Europäische Aktivisten wollen Judäa und Samarien erreichen
  • Aktivisten des Netzwerkes namens Welcome to Palestine wollen eine weitere Propagandaveranstaltung abhalten, zu der Aktivisten aus der ganzen Welt nach Jordanien einfliegen sollen. Sie werden dann versuchen, über die Allenby Brücke nach Judäa und Samarien einzureisen. Sieplanen, am 26. August in Amman, der jordanischen Hauptstadt anzukommen und am nächsten Tag nach Judäa und Samarien weiterzureisen. Sie erhielten genaue Anweisungen, Fotoapparate mitzubringen und auf keinen Fall die Konfrontation mit israelichen Diensten zu suchen (Webseite der Initiative, 31. Juli 2012).
  • An Angaben auf der Webseite des Netzwerks, sollen mehr als 100 Aktivisten in Jordanien eintreffen. Am 25. Juli fand im französischen Außenministerium eine Sitzung mit den Organisatoren statt, bei der ihnen die Verpflichtung des Ministeriums der Bewegungsfreiheit in Judaä und Samarien gegenüber klar dargestellt wurde (Webseite der Initiative, 5. August 2012). In der Vergangenheit hatte das Netzwerk aktiv an der Organisation von Protesten auf dem Ben-Gurion Flughafen in Tel Aviv teilgenommen, die sowohl im Juli 2011 , als auch im April 2012 von Israel sofort zerschlagen worden waren. 

[1] Stand 7. August 2012

[2] Für zusätzliche Informationen siehe das Bulletin vom 7. Februar 2008 " A group called "Armz of the Nation, Jeusalem" is yet another global jihad offshot in the Gaza Strip".

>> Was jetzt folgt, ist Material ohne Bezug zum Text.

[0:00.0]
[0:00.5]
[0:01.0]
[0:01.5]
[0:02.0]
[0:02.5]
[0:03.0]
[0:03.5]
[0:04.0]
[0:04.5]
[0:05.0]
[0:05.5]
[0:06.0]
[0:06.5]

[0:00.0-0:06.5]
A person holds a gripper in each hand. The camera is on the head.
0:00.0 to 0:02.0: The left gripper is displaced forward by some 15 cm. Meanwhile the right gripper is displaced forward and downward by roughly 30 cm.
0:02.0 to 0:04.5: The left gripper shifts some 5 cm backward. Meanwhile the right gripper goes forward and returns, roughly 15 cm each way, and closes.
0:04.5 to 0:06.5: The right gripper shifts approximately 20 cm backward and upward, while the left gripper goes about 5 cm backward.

[3] Für zusätzliche Informationen über den Anschlag am Karmi Übergang siehe das Bulletin vom 15. Juni 2009 "Internet and Terrorism: a local terrorist network in the Gaza Strip affiliated with Al-Qaeda and global jihad was behind the failed attempt to perpetrate a showcase terrorist attack at the Nahal Oz fuel terminal (June 8). The network's website is serviced by several companies, including one based in the US".

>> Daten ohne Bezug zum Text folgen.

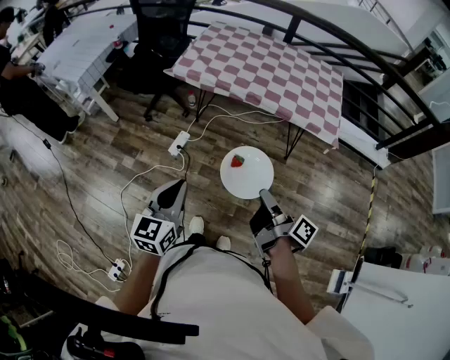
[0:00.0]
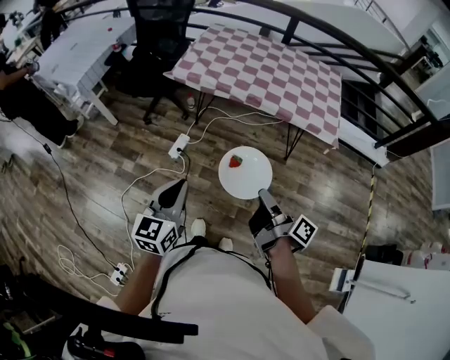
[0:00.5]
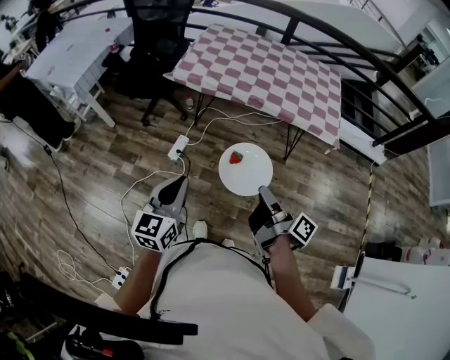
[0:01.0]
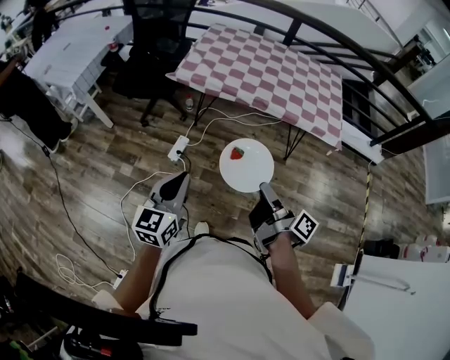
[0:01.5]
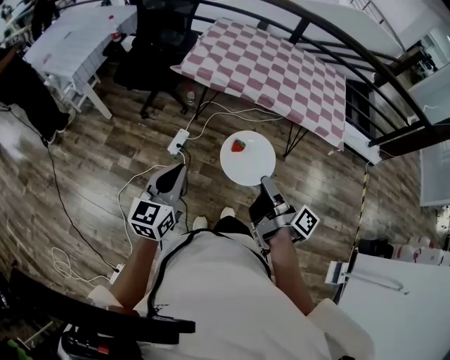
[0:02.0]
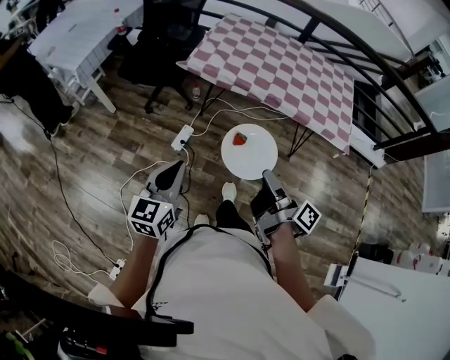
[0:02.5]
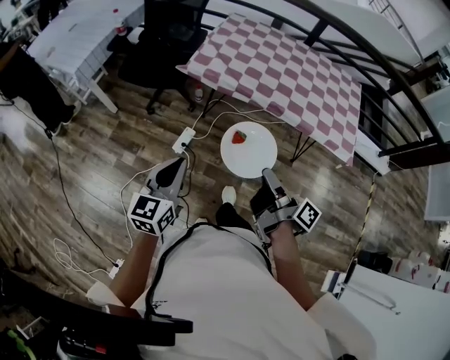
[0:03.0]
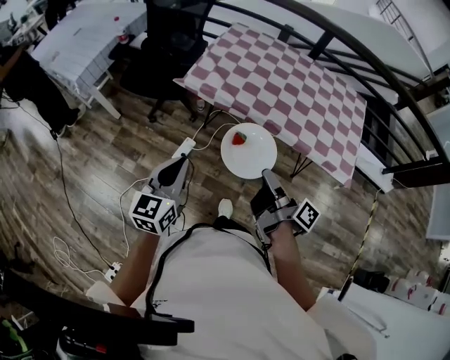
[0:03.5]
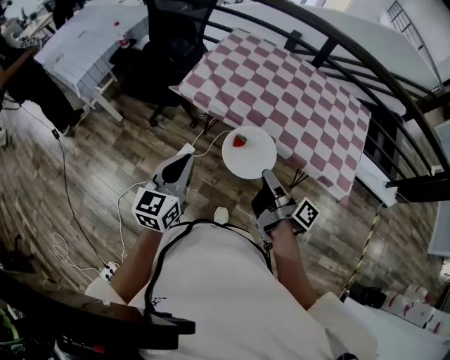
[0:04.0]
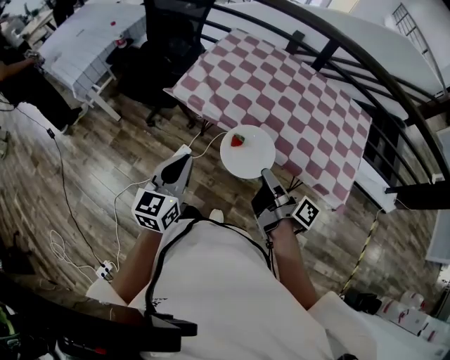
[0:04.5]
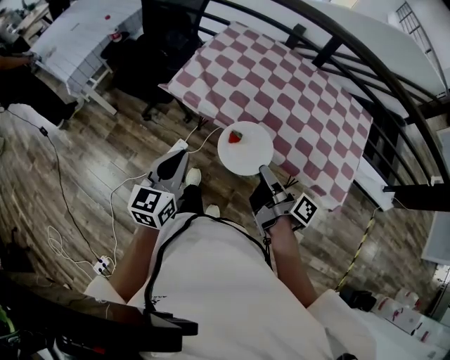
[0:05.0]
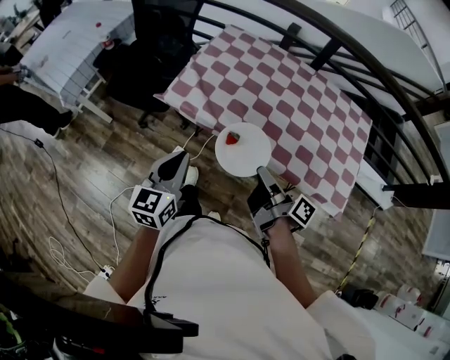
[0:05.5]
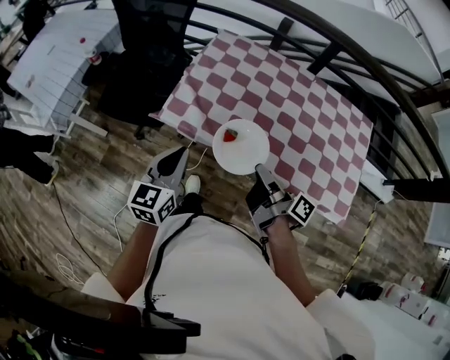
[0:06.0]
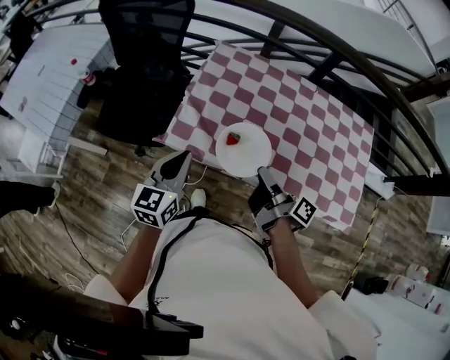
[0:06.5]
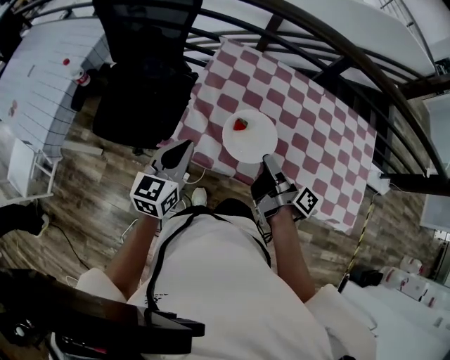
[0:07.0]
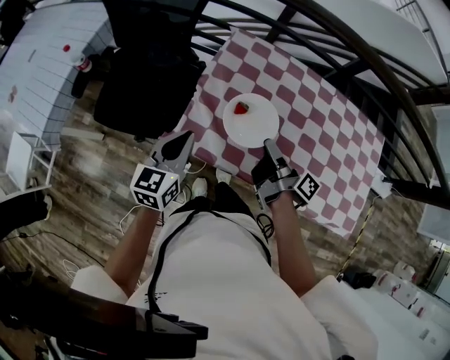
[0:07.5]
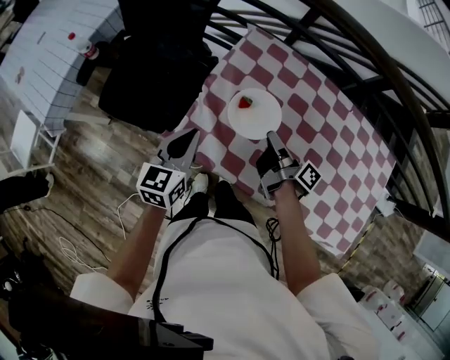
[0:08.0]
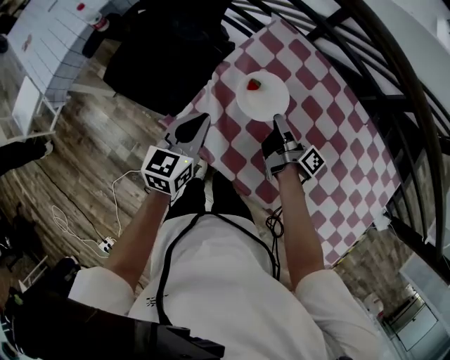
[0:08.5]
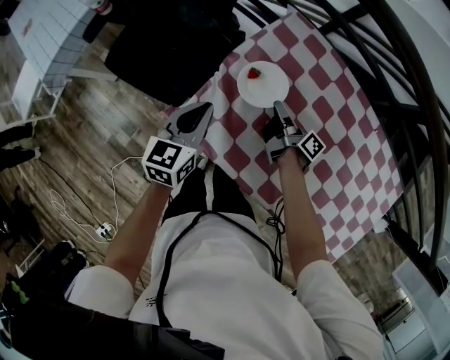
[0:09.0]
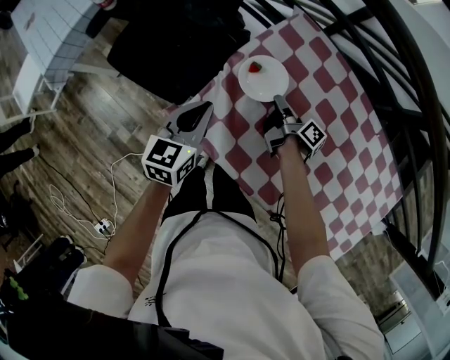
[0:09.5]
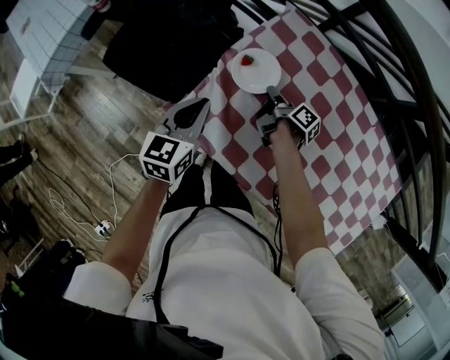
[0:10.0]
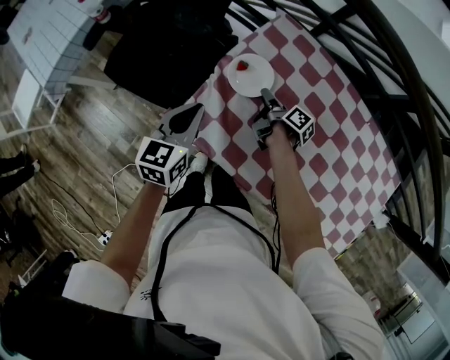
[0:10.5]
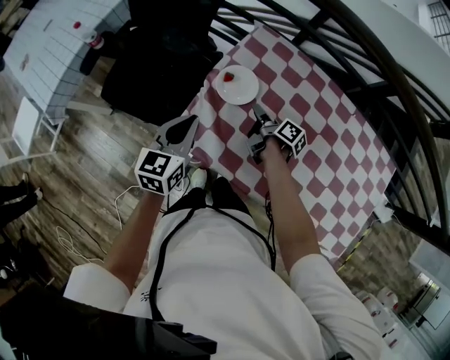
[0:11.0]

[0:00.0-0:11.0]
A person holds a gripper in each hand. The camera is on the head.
0:00.0 to 0:02.0: The left gripper changes place by some 15 cm.
0:02.0 to 0:03.5: The left gripper changes place by roughly 20 cm.
0:03.5 to 0:05.5: The left gripper moves approximately 20 cm.
0:05.5 to 0:07.5: The left gripper changes place by about 35 cm.
0:07.5 to 0:09.0: The left gripper shifts by roughly 15 cm.
0:09.0 to 0:11.0: The left gripper travels upward by about 5 cm.

[4] Die blockfreien Staaten bilden eine während des Kalten Krieges gegründete internationale Organisation mit 116 Mitgliedstaaten, die in ihrem Selbstverständnis nicht zum Einflussbereich der Großmächte gehören. Ursprünglich handelte es sich um Staaten, die sich weder mit dem Westen oder mit dem Ostblock identifizieren wollten. Nach dem Zusammenbruch der UdSSR verlor die Organisation viel von ihrer Bedeutung. Sie konzentriert sich heute auf humanitäre Fragen wie den Kampf gegen die Armut, die wirtschaftliche Entwicklung und die Opposition gegen den Kolonialismus und den Imperialismus. Die meisten Mitgliedstaaten sind Staaten der Dritten Welt. Für Ende August planen die Blockfreien ein Gipfeltreffen im Iran.